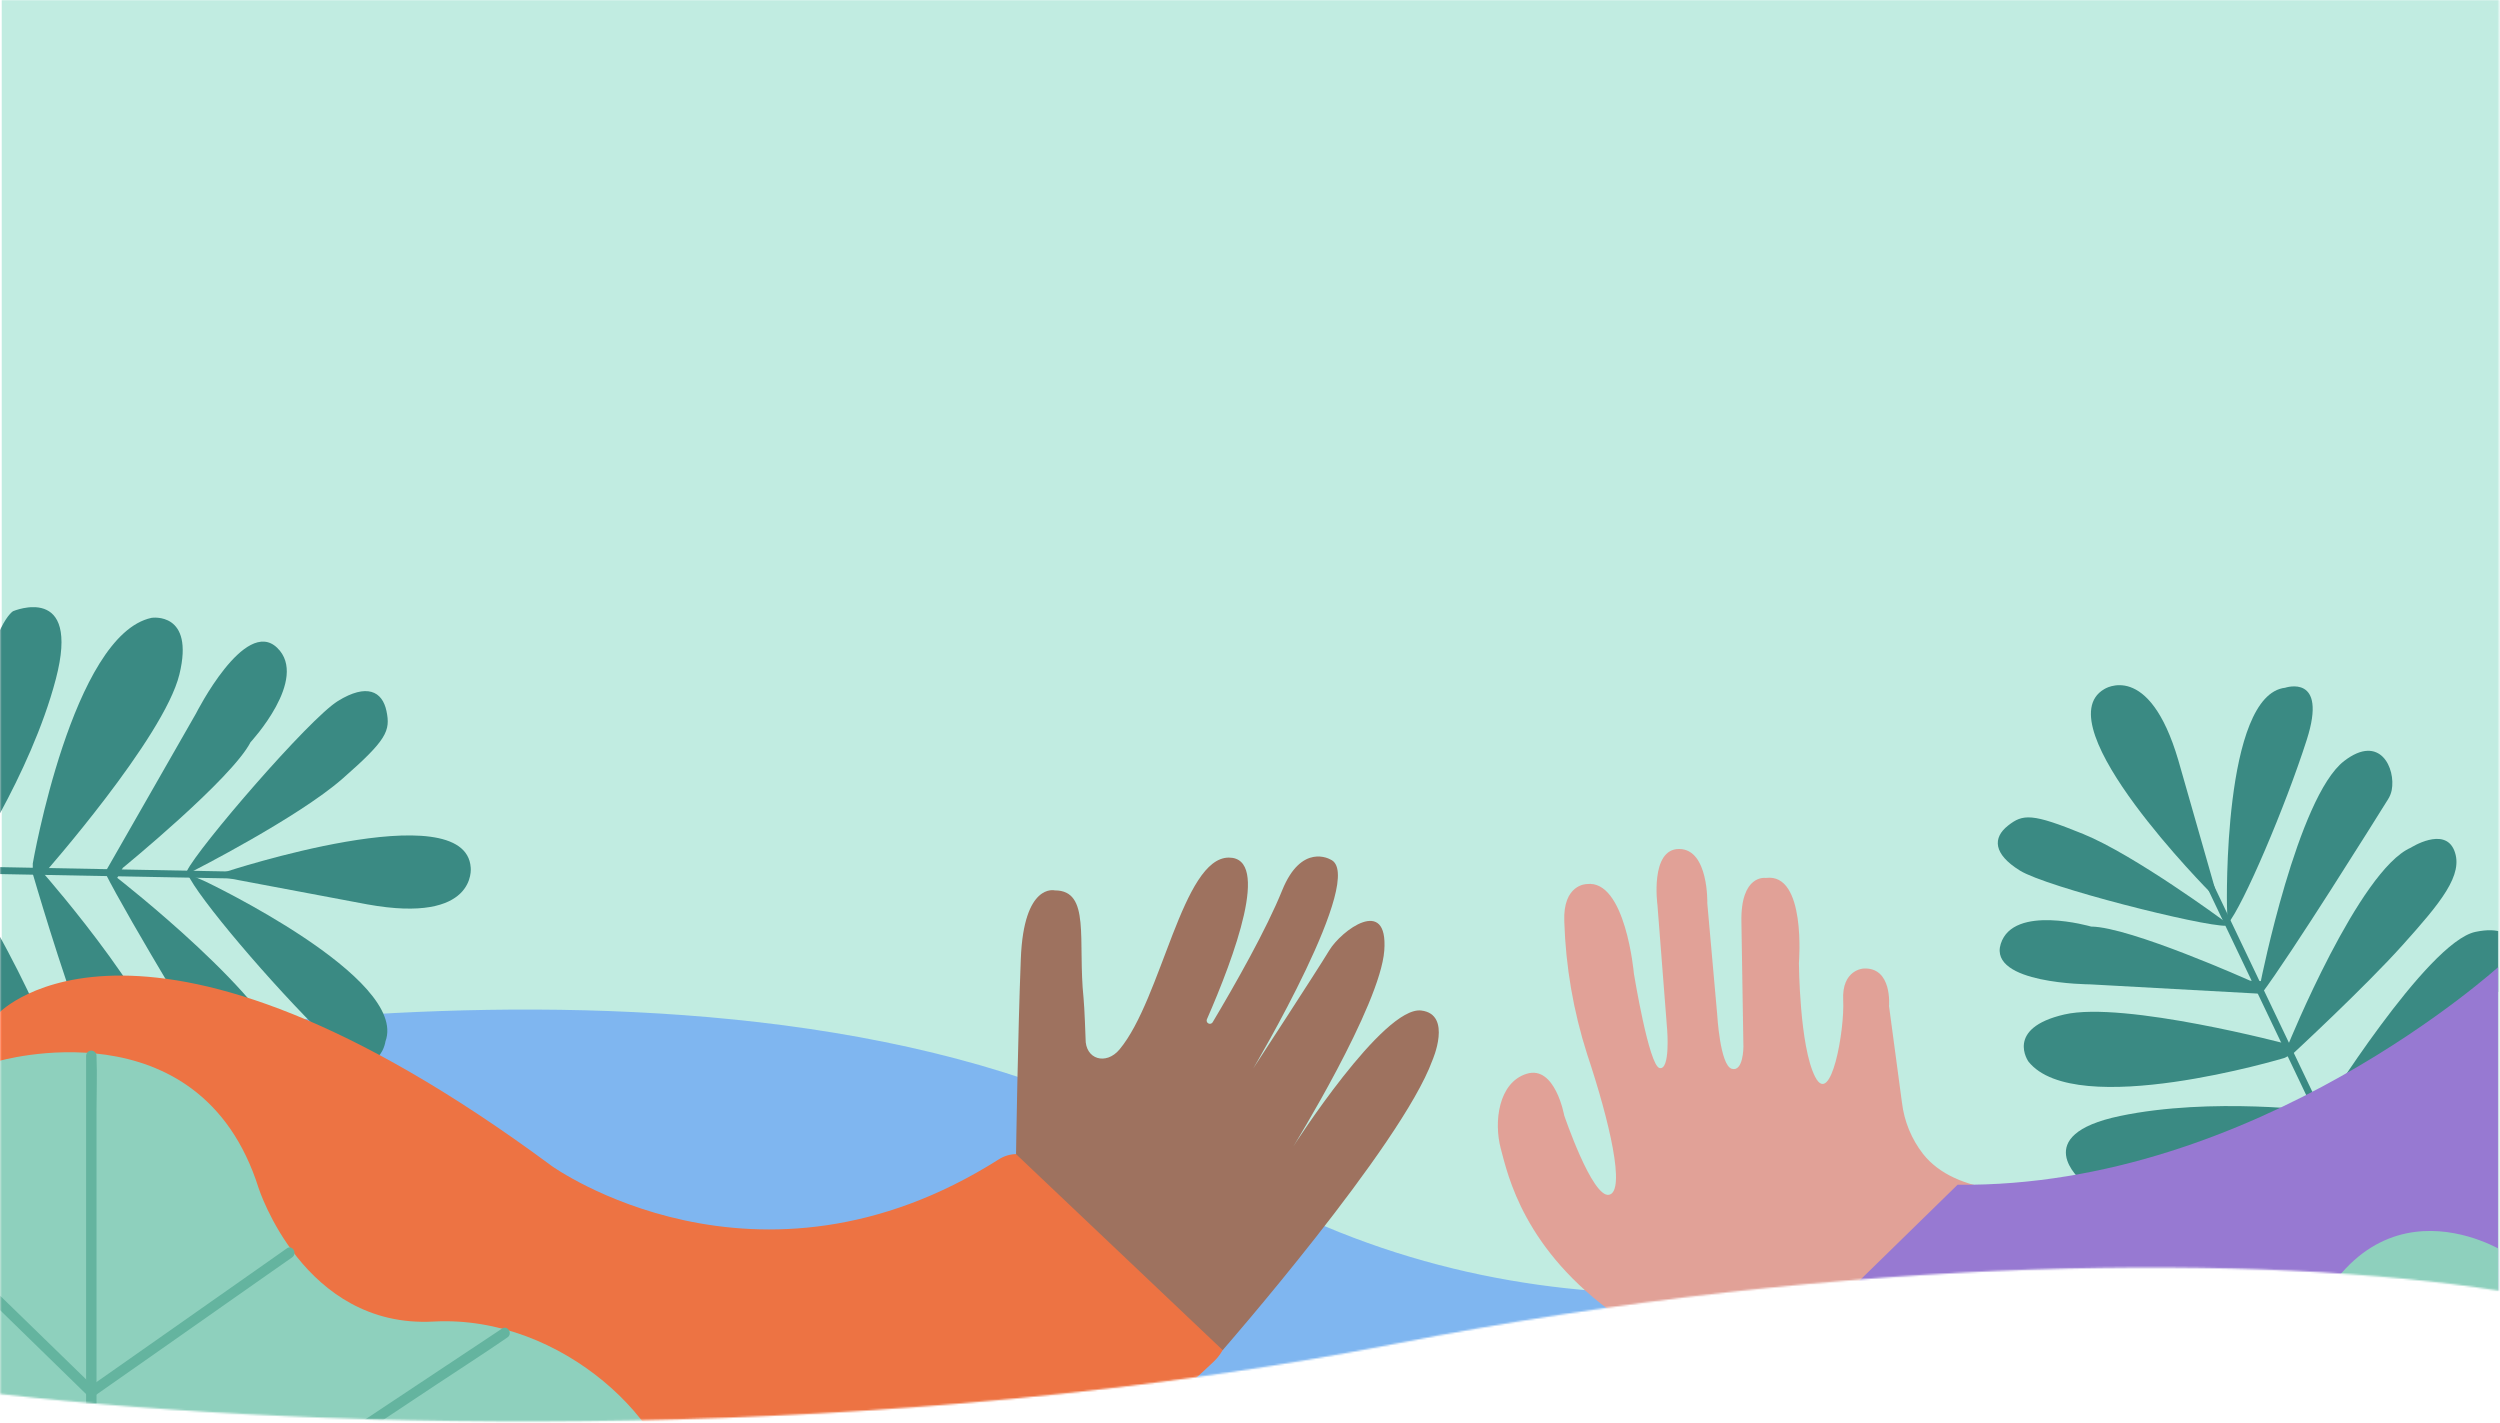 <svg width="1441" height="820" viewBox="0 0 1441 820" fill="none" xmlns="http://www.w3.org/2000/svg">
<mask id="mask0_1937_11552" style="mask-type:alpha" maskUnits="userSpaceOnUse" x="0" y="0" width="1441" height="820">
<path d="M804.5 774.5C513 832 190.167 825.333 0 803.5V0H1440.5V744C1306.5 722.667 1067.55 722.611 804.5 774.5Z" fill="white"/>
</mask>
<g mask="url(#mask0_1937_11552)">
<rect x="1" y="-284" width="1440" height="1325" fill="#C1ECE1"/>
<g opacity="0.7" clip-path="url(#clip0_1937_11552)">
<path d="M1277.78 515.864L1255.61 438.295C1238.59 380.303 1212.84 397.242 1212.84 397.242C1177.85 417.781 1274.42 514.808 1274.42 514.808" fill="#00615B"/>
<path d="M1283.62 522.126C1283.62 522.126 1281.05 400.481 1317.22 396.403C1317.22 396.403 1341.91 388.029 1329.6 426.466C1317.29 464.903 1292.93 522.126 1284 532.611L1283.62 522.126Z" fill="#00615B"/>
<path d="M1281.6 530.596C1281.6 530.596 1230.38 492.783 1200.82 480.738C1171.25 468.694 1166.04 469.054 1157.35 475.94C1148.66 482.826 1148.71 492.159 1164.29 501.804C1179.86 511.449 1269.12 533.907 1283.09 533.619" fill="#00615B"/>
<path d="M1296.98 565.266C1296.98 565.266 1227.62 534.219 1205.33 534.075C1205.33 534.075 1160.45 520.974 1153.22 544.08C1146 567.185 1204.56 567.377 1204.56 567.377L1303.54 572.823C1320.62 550.078 1368.55 473.42 1376.35 460.896C1377.44 459.24 1378.2 457.391 1378.58 455.449C1380.98 443.069 1371.98 422.603 1351.15 438.654C1324.42 459.144 1303.15 565.482 1303.15 565.482" fill="#00615B"/>
<path d="M1316.69 609.821C1316.69 609.821 1196.4 645.978 1169.21 611.908C1169.21 611.908 1155.48 592.714 1189.87 584.748C1224.26 576.782 1318.99 601.975 1318.99 601.975C1318.99 601.975 1359.79 501.54 1389.6 488.608C1389.6 488.608 1408.94 476.228 1414.61 490.167C1420.27 504.107 1406.86 520.231 1384.85 544.752C1362.84 569.273 1321.68 607.326 1321.68 607.326" fill="#00615B"/>
<path d="M1338.38 640.604C1338.38 640.604 1398.91 543.072 1426.8 537.146C1454.69 531.22 1451.52 554.325 1449.12 558.74C1436.64 582.277 1408.13 597.129 1371.36 620.354L1338.38 640.604Z" fill="#00615B"/>
<path d="M1338.38 640.604C1338.38 640.604 1274.81 632.182 1221.91 643.267C1169.02 654.352 1199.52 680.36 1199.52 680.36C1199.52 680.36 1209.89 687.558 1257.67 673.018C1285.5 664.682 1312.52 653.833 1338.38 640.604V640.604Z" fill="#00615B"/>
<path d="M1253.71 468.19L1387.15 747.757" stroke="#00615B" stroke-width="4" stroke-miterlimit="10"/>
<path d="M-1.416 990.111V611.764C-1.416 611.764 448.656 515.288 691.824 669.204C1030.08 883.27 1438.58 580.453 1438.58 580.453L1437.55 1009.93L1390.58 1042.01" fill="#639FF7"/>
<path d="M1278.05 668.052C1278.05 668.052 1146.05 712.775 1108.44 665.125C1101.8 656.564 1097.6 646.366 1096.3 635.613L1088.83 579.854C1088.83 579.854 1090.87 557.372 1074.14 558.26C1074.14 558.26 1061.52 558.836 1062.41 576.447C1063.3 594.057 1055.38 638.325 1046.28 620.738C1037.18 603.151 1036.9 555.045 1036.9 555.045C1036.9 555.045 1041.29 502.836 1017.82 506.051C1017.82 506.051 1003.15 503.652 1003.75 531.58L1004.9 603.415C1004.9 603.415 1004.9 618.074 998.16 616.035C991.416 613.996 989.784 584.652 989.784 584.652L984.096 520.711C984.096 520.711 984.96 489.52 967.944 489.352C950.928 489.184 955.344 521.598 955.344 521.598L960.984 594.033C960.984 594.033 962.736 616.923 956.592 615.627C950.448 614.332 941.784 561.187 941.784 561.187C941.784 561.187 936.984 506.651 914.568 509.578C914.568 509.578 900.768 509.578 901.656 531.172C902.468 557.182 906.911 582.952 914.856 607.733C927.768 646.434 937.152 686.623 927.48 688.662C917.808 690.701 901.608 642.907 901.608 642.907C901.608 642.907 896.376 613.876 880.008 618.914C863.64 623.953 860.952 646.77 865.056 662.102C869.16 677.433 878.256 720.453 932.256 758.578C986.256 796.703 1125.89 868.946 1125.89 868.946L1240.1 929.744L1278.05 668.052Z" fill="#EE8278"/>
<path d="M1441.2 556.34C1441.2 556.34 1300.8 684.799 1128.34 682.88L1005.07 803.349L1438.58 1043.28L1441.2 556.34Z" fill="#8548CC"/>
<path d="M127.152 505.355L211.752 521.286C275.184 532.755 271.32 500.101 271.32 500.101C268.44 456.913 129.72 502.644 129.72 502.644" fill="#00615B"/>
<path d="M118.32 508.066C118.32 508.066 235.608 563.706 222.192 600.224C222.192 600.224 218.376 627.768 187.584 597.68C156.792 567.593 113.784 517.04 108.072 503.58L118.32 508.066Z" fill="#00615B"/>
<path d="M111.24 502.092C111.24 502.092 171.768 471.309 197.376 448.875C222.984 426.442 225.144 421.307 222.768 409.863C220.392 398.418 211.44 393.787 194.784 404.056C178.128 414.325 114.12 488.656 107.712 502.116" fill="#00615B"/>
<path d="M70.776 500.244C70.776 500.244 133.536 448.947 144.408 427.809C144.408 427.809 178.344 391.268 159.744 373.369C141.144 355.47 113.016 411.182 113.016 411.182L60.528 502.932C74.064 530.092 124.32 612.388 132.528 625.8C133.563 627.56 134.913 629.113 136.512 630.383C147.216 638.468 170.976 639.764 165.696 612.268C158.904 576.998 67.584 506.003 67.584 506.003" fill="#00615B"/>
<path d="M18.889 497.725C18.889 497.725 41.785 365.763 87.385 356.118C87.385 356.118 112.321 352.279 103.393 388.773C94.465 425.266 25.297 503.651 25.297 503.651C25.297 503.651 101.593 590.53 99.697 625.128C99.697 625.128 102.289 649.457 86.257 648.186C70.225 646.914 61.273 626.424 48.433 593.769C35.593 561.115 18.889 503.651 18.889 503.651" fill="#00615B"/>
<path d="M-20.832 503.676C-20.832 503.676 43.32 607.973 35.64 637.389C27.96 666.804 7.44 652.744 4.248 648.306C-12.24 625.176 -12.84 590.842 -17.352 544.728L-20.832 503.676Z" fill="#00615B"/>
<path d="M-20.831 503.676C-20.831 503.676 17.569 447.124 32.185 391.388C46.801 335.652 7.561 352.279 7.561 352.279C7.561 352.279 -4.271 358.733 -13.199 411.278C-18.546 441.782 -21.101 472.709 -20.831 503.676V503.676Z" fill="#00615B"/>
<path d="M184.104 505.331L-146.304 499.021" stroke="#00615B" stroke-width="4" stroke-miterlimit="10"/>
<path d="M477.6 927.465C587.28 884.493 667.608 815.321 699.816 784.61C704.85 779.798 707.814 773.217 708.083 766.259C708.352 759.301 705.904 752.511 701.256 747.325C674.304 716.974 619.32 682.016 596.184 668.004C593.11 666.141 589.578 665.17 585.984 665.2C582.39 665.23 578.875 666.259 575.832 668.172C435.96 756.946 317.976 672.035 317.976 672.035C82.2 497.413 -0.288 583.572 -0.288 583.572L-1.416 1043.28L477.6 927.465Z" fill="#FF4000"/>
<path d="M704.76 778.204C704.76 778.204 807.72 660.302 825.6 611.26C825.6 611.26 837.288 584.724 819.264 582.469C797.328 579.662 745.392 660.926 745.392 660.926C745.392 660.926 795.6 579.59 797.904 547.847C800.208 516.104 773.088 536.306 766.152 547.847C759.216 559.387 722.304 615.939 722.304 615.939C722.304 615.939 788.664 504.011 766.728 495.35C766.728 495.35 750.192 485.609 739.032 513.225C729.984 535.634 712.248 566.945 698.928 589.307C698.673 589.683 698.288 589.954 697.847 590.067C697.406 590.181 696.939 590.13 696.533 589.924C696.127 589.718 695.81 589.371 695.641 588.949C695.472 588.526 695.464 588.056 695.616 587.627C711.504 551.302 732.528 494.342 708.312 494.318C681.528 494.318 669.72 575.535 645.312 604.878C637.584 614.164 625.464 610.709 625.728 598.616C625.728 598.496 625.104 580.573 624.576 575.463C621.096 542.088 628.8 513.225 608.016 513.225C608.016 513.225 590.136 508.618 588.408 552.477C586.68 596.337 585.648 665.245 585.648 665.245" fill="#8E3E28"/>
<path d="M-1.416 611.764C-1.416 611.764 115.008 577.31 149.04 684.727C149.04 684.727 174.936 765.8 249.84 761.745C324.744 757.69 389.784 822.543 389.784 867.122V1043.45L-1.416 1041.36V611.764Z" fill="#78C4AE"/>
<path d="M1443.06 721.341C1443.06 721.341 1359.25 668.556 1322.77 786.122C1322.77 786.122 1318.72 848.936 1241.68 865.155C1164.64 881.374 1111.86 964.414 1122.06 1043.45L1443.06 1043.28V721.341Z" fill="#78C4AE"/>
<path d="M1322.82 789.625L1387.62 829.885L1396.79 835.596C1397.24 835.873 1397.77 836.02 1398.3 836.02C1398.83 836.02 1399.36 835.873 1399.81 835.596L1438.98 809.539L1444.62 805.772C1447.81 803.637 1444.81 798.43 1441.6 800.59L1402.45 826.646L1396.79 830.413H1399.86L1335.06 790.153L1325.89 784.442C1322.6 782.403 1319.58 787.585 1322.87 789.625H1322.82Z" fill="#3C9C83"/>
<path d="M49.632 608.621V834.156C49.632 844.497 49.176 854.958 49.632 865.347V865.731C49.632 866.526 49.948 867.289 50.511 867.851C51.074 868.414 51.837 868.73 52.632 868.73C53.428 868.73 54.191 868.414 54.754 867.851C55.316 867.289 55.632 866.526 55.632 865.731V640.196C55.632 629.855 56.064 619.394 55.632 609.005C55.62 608.861 55.62 608.717 55.632 608.573C55.632 607.778 55.316 607.015 54.754 606.452C54.191 605.89 53.428 605.574 52.632 605.574C51.837 605.574 51.074 605.89 50.511 606.452C49.948 607.015 49.632 607.778 49.632 608.573V608.621Z" fill="#3C9C83"/>
<path d="M-3.528 751.692L43.68 797.734L50.496 804.404C50.972 804.867 51.585 805.162 52.244 805.244C52.902 805.326 53.569 805.192 54.144 804.86L92.664 777.868L154.176 734.681L168.408 724.723C171.552 722.516 168.552 717.31 165.384 719.541L126.984 746.533L65.472 789.721L51.24 799.678L54.864 800.158L7.536 754.115L0.696 747.469C-2.064 744.758 -6.312 749.004 -3.528 751.692Z" fill="#3C9C83"/>
<path d="M289.488 765.728L265.704 781.515L208.872 819.256L140.184 864.891L80.472 904.503L60.816 917.556C57.543 919.344 54.428 921.407 51.504 923.722C51.386 923.823 51.257 923.912 51.12 923.986L53.52 923.674L6.264 907.143L-0.408 904.743C-4.056 903.448 -5.64 909.254 -2.016 910.526L32.16 922.522L49.848 928.712C50.613 929.133 51.471 929.353 52.344 929.353C53.217 929.353 54.075 929.133 54.84 928.712C68.832 920.123 82.296 910.478 95.976 901.384L173.784 849.703L251.4 798.166C264.888 789.217 278.52 780.483 291.864 771.318L292.464 770.91C295.656 768.799 292.656 763.712 289.44 765.728H289.488Z" fill="#3C9C83"/>
<path d="M-1.416 891.451C-1.416 891.451 91.824 751.62 436.44 869.162C436.44 869.162 604.704 931.976 781.08 869.162C957.456 806.348 1247.33 1043.28 1247.33 1043.28H-1.416V891.451Z" fill="#00615B"/>
</g>
</g>
<defs>
<clipPath id="clip0_1937_11552">
<rect width="1440" height="691" fill="white" transform="translate(0 350)"/>
</clipPath>
</defs>
</svg>

______

◆ ABOUT THIS EXERCISE ◆
Return word for word the lines from the beginning of the entries through the line that contains "640.604C1338.38 640.604 1398.91", both ends included, but no pictures.

◆ RESULT FOR THIS EXERCISE ◆
 <svg width="1441" height="820" viewBox="0 0 1441 820" fill="none" xmlns="http://www.w3.org/2000/svg">
<mask id="mask0_1937_11552" style="mask-type:alpha" maskUnits="userSpaceOnUse" x="0" y="0" width="1441" height="820">
<path d="M804.5 774.5C513 832 190.167 825.333 0 803.5V0H1440.5V744C1306.5 722.667 1067.55 722.611 804.5 774.5Z" fill="white"/>
</mask>
<g mask="url(#mask0_1937_11552)">
<rect x="1" y="-284" width="1440" height="1325" fill="#C1ECE1"/>
<g opacity="0.7" clip-path="url(#clip0_1937_11552)">
<path d="M1277.78 515.864L1255.61 438.295C1238.59 380.303 1212.84 397.242 1212.84 397.242C1177.85 417.781 1274.42 514.808 1274.42 514.808" fill="#00615B"/>
<path d="M1283.62 522.126C1283.62 522.126 1281.05 400.481 1317.22 396.403C1317.22 396.403 1341.91 388.029 1329.6 426.466C1317.29 464.903 1292.93 522.126 1284 532.611L1283.62 522.126Z" fill="#00615B"/>
<path d="M1281.6 530.596C1281.6 530.596 1230.38 492.783 1200.82 480.738C1171.25 468.694 1166.04 469.054 1157.35 475.94C1148.66 482.826 1148.71 492.159 1164.29 501.804C1179.86 511.449 1269.12 533.907 1283.09 533.619" fill="#00615B"/>
<path d="M1296.98 565.266C1296.98 565.266 1227.62 534.219 1205.33 534.075C1205.33 534.075 1160.45 520.974 1153.22 544.08C1146 567.185 1204.56 567.377 1204.56 567.377L1303.54 572.823C1320.62 550.078 1368.55 473.42 1376.35 460.896C1377.44 459.24 1378.2 457.391 1378.58 455.449C1380.98 443.069 1371.98 422.603 1351.15 438.654C1324.42 459.144 1303.15 565.482 1303.15 565.482" fill="#00615B"/>
<path d="M1316.69 609.821C1316.69 609.821 1196.4 645.978 1169.21 611.908C1169.21 611.908 1155.48 592.714 1189.87 584.748C1224.26 576.782 1318.99 601.975 1318.99 601.975C1318.99 601.975 1359.79 501.54 1389.6 488.608C1389.6 488.608 1408.94 476.228 1414.61 490.167C1420.27 504.107 1406.86 520.231 1384.85 544.752C1362.84 569.273 1321.68 607.326 1321.68 607.326" fill="#00615B"/>
<path d="M1338.38 640.604C1338.38 640.604 1398.91 543.072 1426.8 537.146C1454.69 531.22 1451.52 554.325 1449.12 558.74C1436.64 582.277 1408.13 597.129 1371.36 620.354L1338.38 640.604Z" fill="#00615B"/>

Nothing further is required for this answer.